Detrás de la escuela, que usurpa nuestra capacidad innata de aprender, y que en realidad nos atonta; detrás de la energía, que destroza nuestra capacidad innata de caminar, y que destruye tejidos sociales, contamina el planeta y genera franjas terribles de injusticia; detrás de la medicina, que destruye las sabidurías medicinales de otras culturas, nos enchufa al sistema médico y termina por enfermarnos; detrás de los sistemas cibernéticos, que rompen nuestras percepciones carnales y nos crean la ilusión de la ubicuidad, del control del tiempo; detrás de la economía moderna basada en la escasez y la competencia, detrás de esos universos, que parecen llenos de bondad y a los cuales todos queremos acceder, en realidad se encuentra la pérdida de la libertad del amor y de las autonomías creadoras y el malestar terrible y atroz de nuestra civilización con su cauda de destrucciones de todo tipo.

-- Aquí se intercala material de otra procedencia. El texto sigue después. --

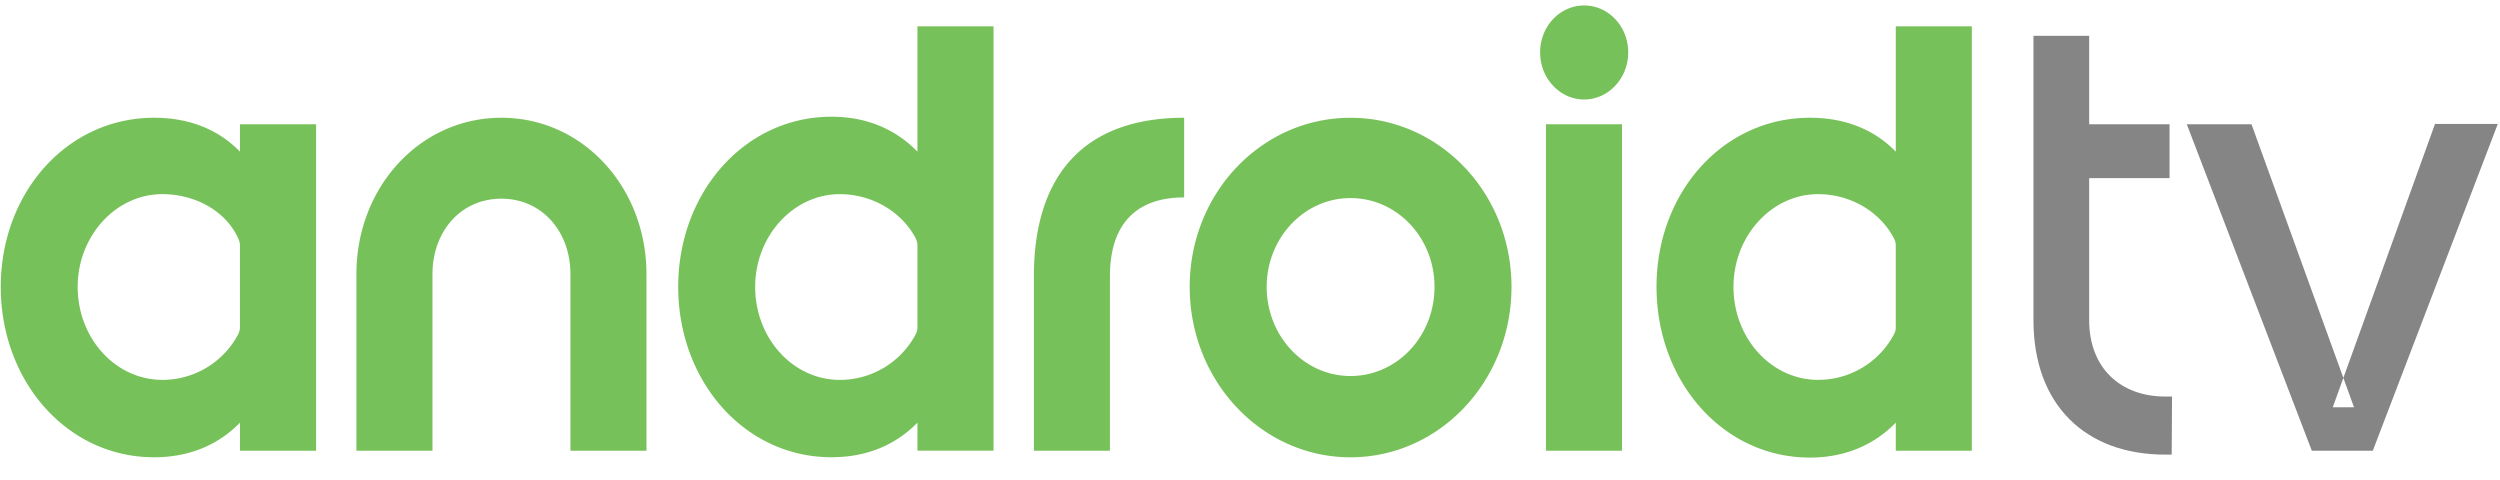 <svg xmlns="http://www.w3.org/2000/svg" width="99" height="19" viewBox="0 0 99 19">
    <g fill="none" fill-rule="evenodd">
        <path fill="#858585" d="M86 18.003l.012-2.3h-.268c-1.768 0-3.013-1.126-3.013-3.026V7.055h3.183V4.92h-3.183V1.417h-2.206v11.26c0 3.349 2.049 5.326 5.219 5.326H86zm7.963-.154l4.95-12.942h-2.486l-4.05 11.222h.842L89.159 4.92h-2.562l4.951 12.928h2.415z"/>
        <path fill="#77C15A" d="M78.085 17.848V1.043h-3.012v4.963c-.841-.866-1.987-1.343-3.401-1.343-3.451 0-6.074 2.974-6.074 6.695 0 3.738 2.623 6.762 6.074 6.762 1.414 0 2.56-.517 3.401-1.383v1.111h3.012zM72 15.043c-1.854 0-3.354-1.643-3.354-3.685 0-2.003 1.5-3.67 3.354-3.67 1.232 0 2.401.646 2.986 1.72.038.076.086.18.086.31V13c0 .065-.036.18-.06.22A3.395 3.395 0 0 1 72 15.042zm-10.782 2.805h3.013V4.921H61.22v12.927zM62.732 3.94c.964 0 1.745-.841 1.745-1.862 0-1.034-.78-1.861-1.745-1.861-.963 0-1.743.827-1.743 1.861 0 1.02.78 1.862 1.743 1.862zm-9.255 14.169c3.525 0 6.378-3.012 6.378-6.75 0-3.721-2.853-6.695-6.378-6.695-3.511 0-6.365 2.974-6.365 6.695 0 3.738 2.854 6.75 6.365 6.75zm0-3.219c-1.83 0-3.316-1.578-3.316-3.53 0-1.94 1.487-3.516 3.316-3.516 1.853 0 3.33 1.576 3.33 3.515 0 1.953-1.477 3.531-3.33 3.531zm-9.524 2.96v-6.904c0-2.043 1.012-3.128 2.939-3.128V4.663c-3.878 0-5.95 2.184-5.95 6.282v6.903h3.01zm-4.609 0V1.042h-3.013v4.963c-.84-.866-1.988-1.383-3.402-1.383-3.45 0-6.072 3.014-6.072 6.735 0 3.738 2.621 6.75 6.072 6.75 1.414 0 2.562-.505 3.402-1.371v1.111h3.013zm-6.086-2.806c-1.853 0-3.353-1.643-3.353-3.685 0-2.003 1.5-3.67 3.353-3.67 1.233 0 2.403.646 2.989 1.72.036.076.084.18.084.31v3.27a.66.66 0 0 1-.06.232 3.4 3.4 0 0 1-3.013 1.823zM25.6 17.848v-6.993c0-3.44-2.523-6.192-5.743-6.192-3.231 0-5.743 2.752-5.743 6.192v6.993h3.012v-6.993c0-1.693 1.122-2.987 2.731-2.987 1.598 0 2.732 1.294 2.732 2.987v6.993H25.6zm-13.083 0V4.921H9.503v1.085c-.841-.866-1.987-1.343-3.401-1.343C2.65 4.663.03 7.637.03 11.358c0 3.738 2.62 6.75 6.072 6.75 1.414 0 2.56-.505 3.401-1.371v1.111h3.014zM6.43 15.043c-1.854 0-3.354-1.643-3.354-3.685 0-2.003 1.5-3.67 3.354-3.67 1.232 0 2.464.608 2.988 1.72.037.076.084.18.084.31v3.257a.71.71 0 0 1-.06.245 3.395 3.395 0 0 1-3.012 1.823z"/>
    </g>
</svg>

Contra ello, Illich, al igual que Gandhi o el zapatismo, propone la vuelta a economías pobres, autónomas, limitadas, simples, que se insertan en un orden económico mayor, el de la gran economía del mundo, hecha de millones de economías, porque cada especie animal y cada especie vegetal es también un orden económico en sí misma –en el sentido de cuidado de la casa– que hay que respetar para que la vida sea.
Hay que leer también al granjero Wendell Berry y visitar su granja en Kentucky, a Jacques Ellul que viene de la tradición del personalismo y del anarquismo cristiano. Al propio Gandhi, su Programa económico para la India, y a su discípulo católico, Lanza del Vasto; hay que releer también al Subcomandante Marcos y el pensamiento terrible de Günther Anders, la inmensa mirada política de Hannah Arendt, o la finura moral de Albert Camus y de Simone Weil. Todos estos críticos de la modernidad, que han sabido mirarse y mirarnos en el espejo del pasado, tienen algo importante que decirnos frente al horror del parteaguas civilizatorio que nos tocó vivir.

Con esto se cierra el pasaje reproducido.